Some claim Robert Cray's new one is not-blues that sells out to Strong Persuader's fluke gold, but even if you agree (and you're wrong), you'd better believe that Don't Be Afraid of the Dark (Mercury) permanently establishes Cray's standing as an artist with a subject: an unerring instinct for the messed-up symbiosis between traditional blues-based musics and traditional male-based sex roles. The slick seducer of the title cut is soon peeping, walking the floor, chasing his sister-in-law, flirting with murder, losing his family, and sleeping on the streets, and though Cray's forthright vocals, confident beat, and sinewy guitar sure don't make his progress sound like fun, they do make it sound somehow natural, which in blues it is. One way Cray points up the primitive recidivism of such self-destructive behavior is by modernizing blues form: the faster tempos, soul changes, and keyboard hooks could almost be his way of reminding himself to shape the fuck up. And what do you know? The love of a good woman redeems him in the end. Or so he claims.
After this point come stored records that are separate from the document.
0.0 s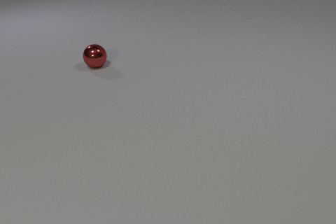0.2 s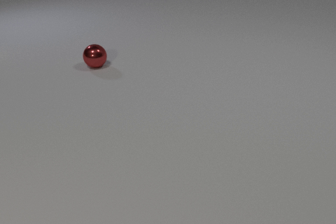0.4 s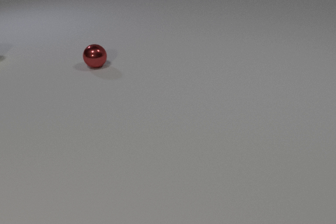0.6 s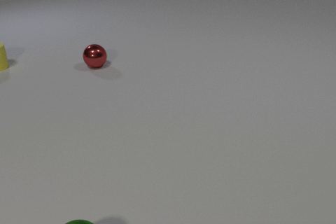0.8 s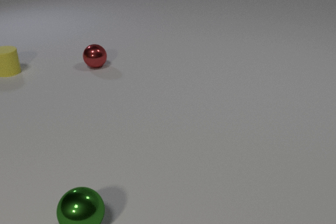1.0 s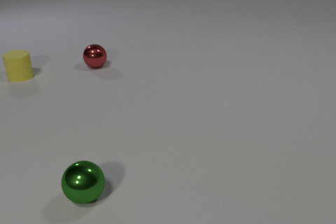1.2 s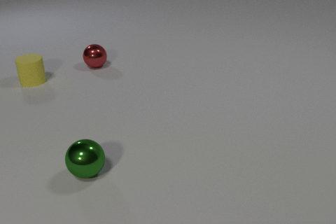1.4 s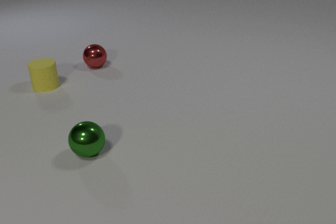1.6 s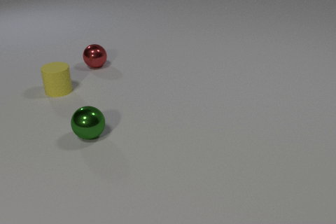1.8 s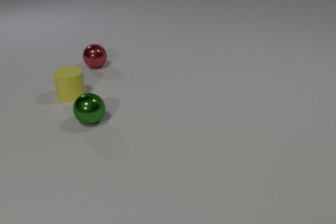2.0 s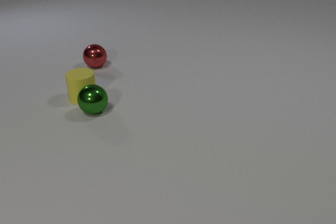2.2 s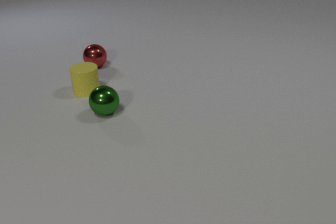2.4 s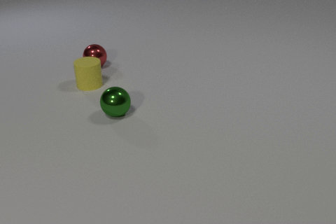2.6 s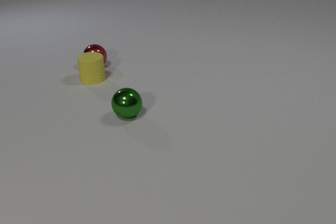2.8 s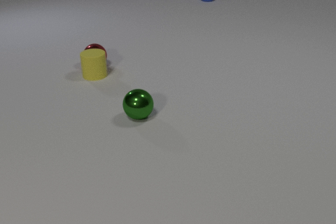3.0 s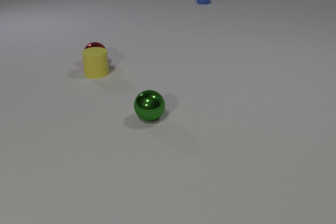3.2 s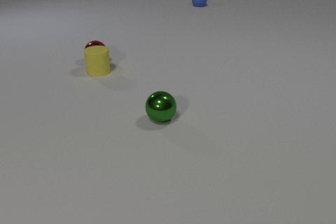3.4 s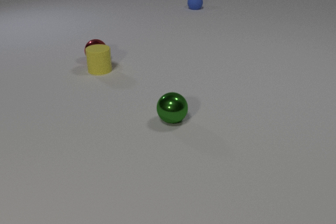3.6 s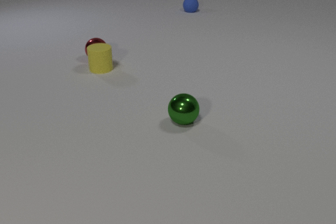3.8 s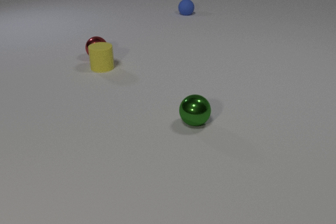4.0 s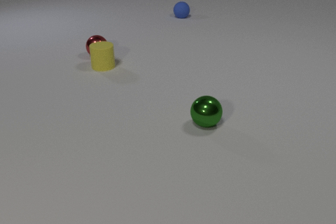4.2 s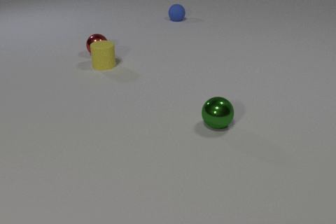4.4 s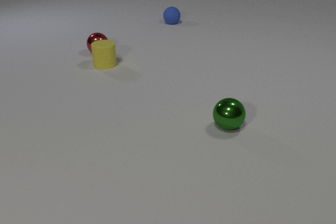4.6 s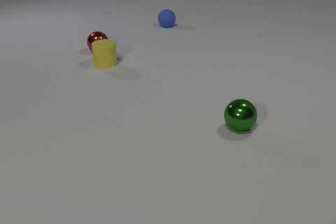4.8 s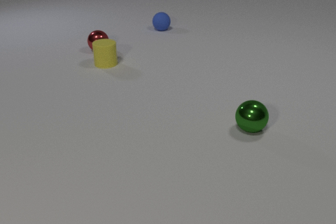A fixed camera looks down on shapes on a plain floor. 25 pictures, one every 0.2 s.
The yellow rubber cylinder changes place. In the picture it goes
to the right.
0.0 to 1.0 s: The green metal sphere comes in at the bottom edge, rolls away from the camera. The yellow rubber cylinder comes in at the left edge, slides toward the camera and to the right.
1.0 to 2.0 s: The green metal sphere rolls away from the camera. The yellow rubber cylinder slides toward the camera and to the right. The green metal sphere and the yellow rubber cylinder collide.
2.0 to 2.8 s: The green metal sphere rolls to the right. The yellow rubber cylinder slides away from the camera. The blue rubber sphere comes in at the top edge, rolls toward the camera. The yellow rubber cylinder and the red metal sphere collide.
2.8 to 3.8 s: The green metal sphere rolls to the right. The yellow rubber cylinder slides away from the camera and to the right. The red metal sphere rolls away from the camera. The blue rubber sphere rolls toward the camera and to the left.
3.8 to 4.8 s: The green metal sphere rolls to the right. The yellow rubber cylinder slides away from the camera. The red metal sphere rolls away from the camera. The blue rubber sphere rolls toward the camera and to the left.
What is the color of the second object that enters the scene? green.
How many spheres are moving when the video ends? 3.
How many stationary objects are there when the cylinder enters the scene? 1.
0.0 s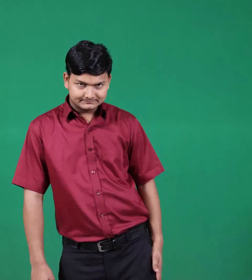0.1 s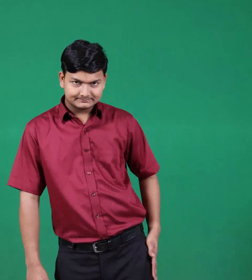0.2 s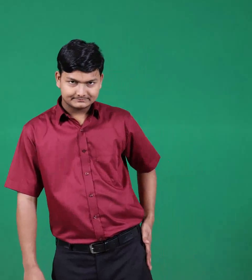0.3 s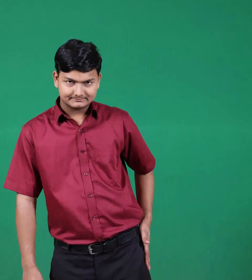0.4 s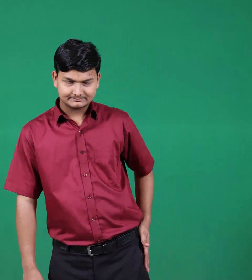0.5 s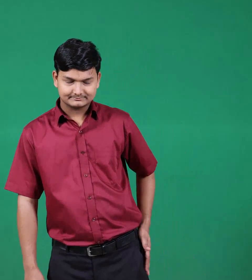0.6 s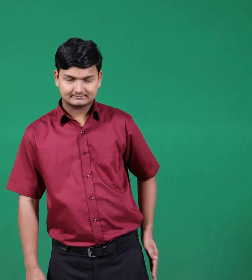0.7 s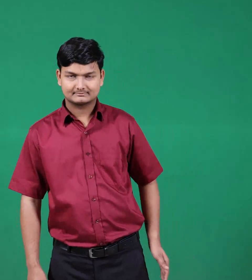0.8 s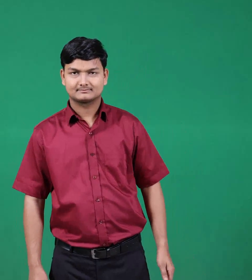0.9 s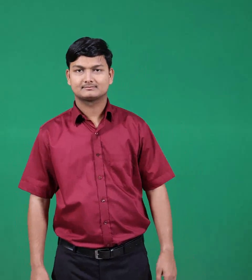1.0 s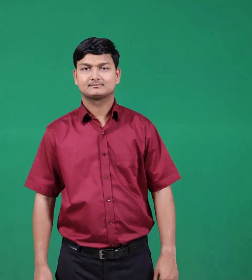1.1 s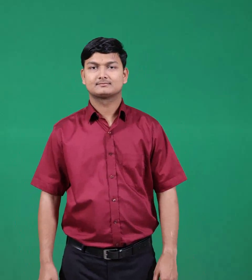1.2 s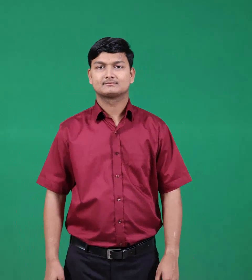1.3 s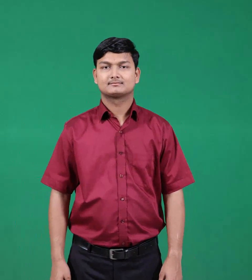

Those who prefer their blues more basic have other options. They could scarf up half a dozen MCA Chess reissues--Howlin' Wolf's Moaning in the Moonlight, say, or Sonny Boy Williamson's Down and Out Blues. Or take a flier on a couple of singers too gritty to suffer from crossover potential. Joe Louis Walker's The Gift (Hightone) comes from the same fiends who produce Cray, Bruce Bromberg and Dennis Walker, and even shares a song with Don't Be Afraid of the Dark. Maurice John Vaughn doesn't strive for the well-turned lyric the way Cray and Walker do, but he can talk that talk, and if the title Generic Blues Album (Alligator) sounds like fun to you, you won't be disappointed by his rough, relaxed, jokey bar music. Just don't forget that the blues continue after the band leaves the stage.